Is there a way of achieving this in Excel?

Edit: here's the original data in xlsx format: OneDrive storage

Edit 2: The steps I did in pandas to achieve this result are:

  1. Group by [item_name, store_id] and calculate the number of unique months (distinct count) within each groups. The resulting table has three columns now: item_name, store_id, number of months.
  2. Pivot the resulting table: rows = item_name, cols = unique_months, vals = store_id, aggregation function = nunique (distinct count).

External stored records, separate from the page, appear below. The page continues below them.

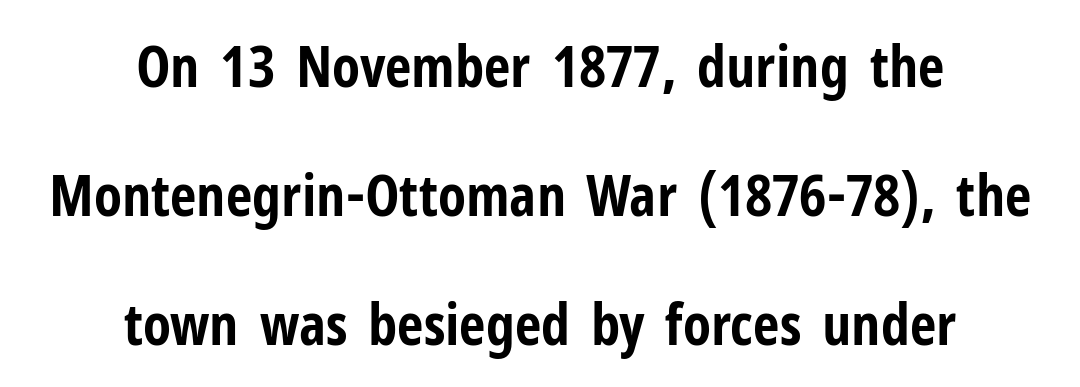
Ascenders rise straight up at ninety degrees. Weight check: bold — yes, fully. A student would call this center alignment; a typographer would say set centered. This rendering leaves character spacing at its baseline value. This is sans-serif lettering, the kind often seen on screens and signage.
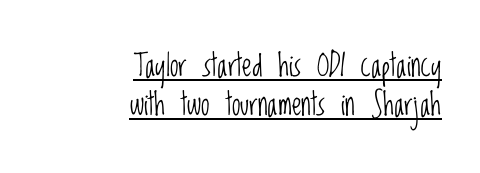
Q: Is the text bold? A: No.
Q: Is the text italic (slanted)? A: No, it is upright.
Q: Is the typeface a serif or a sans-serif typeface? A: Sans-serif.
Q: Is the text underlined? A: Yes.
Q: How is the paragraph aligned? A: Right-aligned.
Q: Is the spacing between letters normal or unusually wide? A: Normal.
Q: Is the spacing between lines tight, normal or loose? A: Normal.
Q: Width (condensed, normal, or wide)? A: Condensed.
Q: Stroke contrast? A: Low.
Q: x-height? A: Large.
Q: Monospaced? A: No.
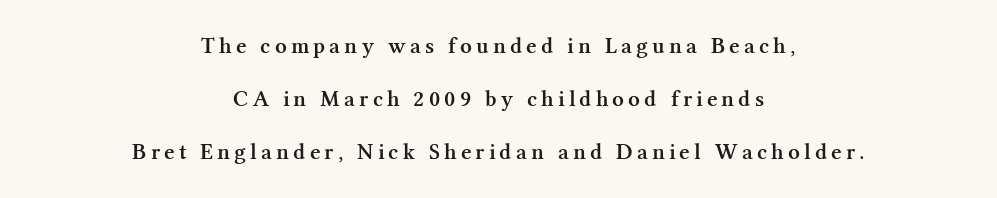
The image shows 23 px text type, upright; set centered, loose line spacing (2.31x), not underlined.
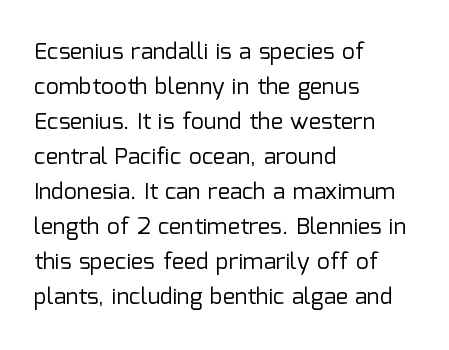
{"italic": "no", "bold": "no", "underline": "no", "align": "left", "line_spacing": "normal", "line_spacing_ratio": 1.52, "letter_spacing": "normal", "letter_spacing_em": 0.0, "glyph_px": 23}

sku_stores_months = db_all.groupby(['item_name', 'store_id'])['month'].nunique().reset_index()

sku_stores_months = sku_stores_months.pivot_table(index='item_name', columns='month', values='store_id', aggfunc='nunique', margins=True, fill_value=0, dropna=False).reset_index()

sku_stores_months = sku_stores_months.melt(id_vars=['item_name'])

The last 'melt' step is only needed to save to Excel so that I can recreate pivot from the 'long' table in Excel.

Edit 3: I have been able to achieve my goal by reproducing steps I did in Pandas. First, I created a helper sheet with a Pivot Table on store_id and item_name as rows and a Distinct Count of dates as values. I had to also choose an old style Pivot Table in Excel 365 and check the Fill all values checkbox to get a grouped table like pandas would do.

Then I built another Pivot Table based on the helper table where I put item_names in rows, the new 'total' field (distinct count from helper) to columns, and another distinct count of store_id in values.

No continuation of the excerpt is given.